§ Requirement
List each line of the data that holds the word "shells".

==== Material for this task

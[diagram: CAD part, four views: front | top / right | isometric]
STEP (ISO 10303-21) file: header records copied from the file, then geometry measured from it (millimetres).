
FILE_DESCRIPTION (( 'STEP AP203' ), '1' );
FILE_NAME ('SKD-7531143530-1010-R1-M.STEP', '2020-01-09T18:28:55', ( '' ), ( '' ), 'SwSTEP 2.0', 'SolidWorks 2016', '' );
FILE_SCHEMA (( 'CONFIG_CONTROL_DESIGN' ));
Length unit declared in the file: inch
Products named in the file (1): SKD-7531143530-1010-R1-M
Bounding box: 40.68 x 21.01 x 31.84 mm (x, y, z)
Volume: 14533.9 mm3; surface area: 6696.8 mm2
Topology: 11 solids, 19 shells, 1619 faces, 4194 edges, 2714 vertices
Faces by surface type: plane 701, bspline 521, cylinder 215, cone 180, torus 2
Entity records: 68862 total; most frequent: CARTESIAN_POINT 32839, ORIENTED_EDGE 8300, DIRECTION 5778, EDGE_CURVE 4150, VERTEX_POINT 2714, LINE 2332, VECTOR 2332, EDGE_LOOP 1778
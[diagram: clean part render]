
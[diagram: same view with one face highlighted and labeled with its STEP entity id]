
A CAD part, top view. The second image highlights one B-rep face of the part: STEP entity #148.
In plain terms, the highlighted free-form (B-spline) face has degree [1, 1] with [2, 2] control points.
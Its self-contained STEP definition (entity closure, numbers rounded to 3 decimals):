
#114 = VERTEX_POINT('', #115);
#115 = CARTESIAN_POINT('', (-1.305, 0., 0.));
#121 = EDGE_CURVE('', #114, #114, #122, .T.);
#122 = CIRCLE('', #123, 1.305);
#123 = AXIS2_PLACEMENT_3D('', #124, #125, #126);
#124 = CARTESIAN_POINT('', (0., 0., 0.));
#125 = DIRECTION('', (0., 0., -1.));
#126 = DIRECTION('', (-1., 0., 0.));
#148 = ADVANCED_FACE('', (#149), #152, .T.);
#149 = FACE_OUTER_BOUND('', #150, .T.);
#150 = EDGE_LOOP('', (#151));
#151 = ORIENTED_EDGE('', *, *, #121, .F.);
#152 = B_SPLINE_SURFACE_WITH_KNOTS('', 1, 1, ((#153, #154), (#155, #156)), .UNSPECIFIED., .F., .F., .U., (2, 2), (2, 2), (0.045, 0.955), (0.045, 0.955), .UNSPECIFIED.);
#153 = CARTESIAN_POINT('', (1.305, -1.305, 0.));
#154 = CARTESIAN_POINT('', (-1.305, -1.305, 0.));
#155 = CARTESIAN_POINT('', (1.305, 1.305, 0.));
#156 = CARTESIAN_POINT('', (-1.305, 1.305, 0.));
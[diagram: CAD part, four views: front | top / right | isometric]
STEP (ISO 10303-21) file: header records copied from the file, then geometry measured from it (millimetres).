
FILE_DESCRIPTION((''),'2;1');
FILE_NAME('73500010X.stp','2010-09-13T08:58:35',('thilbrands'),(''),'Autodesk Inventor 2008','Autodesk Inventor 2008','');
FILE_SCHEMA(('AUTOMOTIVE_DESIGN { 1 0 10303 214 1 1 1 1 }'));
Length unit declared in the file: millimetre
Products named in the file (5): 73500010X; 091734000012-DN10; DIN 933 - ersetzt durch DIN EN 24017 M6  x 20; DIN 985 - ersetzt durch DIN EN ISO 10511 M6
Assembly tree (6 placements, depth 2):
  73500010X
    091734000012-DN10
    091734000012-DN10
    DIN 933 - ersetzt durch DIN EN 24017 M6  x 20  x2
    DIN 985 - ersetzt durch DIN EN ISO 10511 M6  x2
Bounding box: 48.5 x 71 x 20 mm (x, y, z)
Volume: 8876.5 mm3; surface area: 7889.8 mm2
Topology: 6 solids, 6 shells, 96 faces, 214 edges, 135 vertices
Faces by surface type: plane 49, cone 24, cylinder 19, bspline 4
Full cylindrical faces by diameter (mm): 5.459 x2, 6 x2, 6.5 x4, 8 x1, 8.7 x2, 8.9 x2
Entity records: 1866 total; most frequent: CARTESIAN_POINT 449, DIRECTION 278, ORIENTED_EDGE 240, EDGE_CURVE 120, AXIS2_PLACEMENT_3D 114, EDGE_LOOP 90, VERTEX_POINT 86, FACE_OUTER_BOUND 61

========

§ Task answer
Topology: 11 solids, 19 shells, 1619 faces, 4194 edges, 2714 vertices
Topology: 6 solids, 6 shells, 96 faces, 214 edges, 135 vertices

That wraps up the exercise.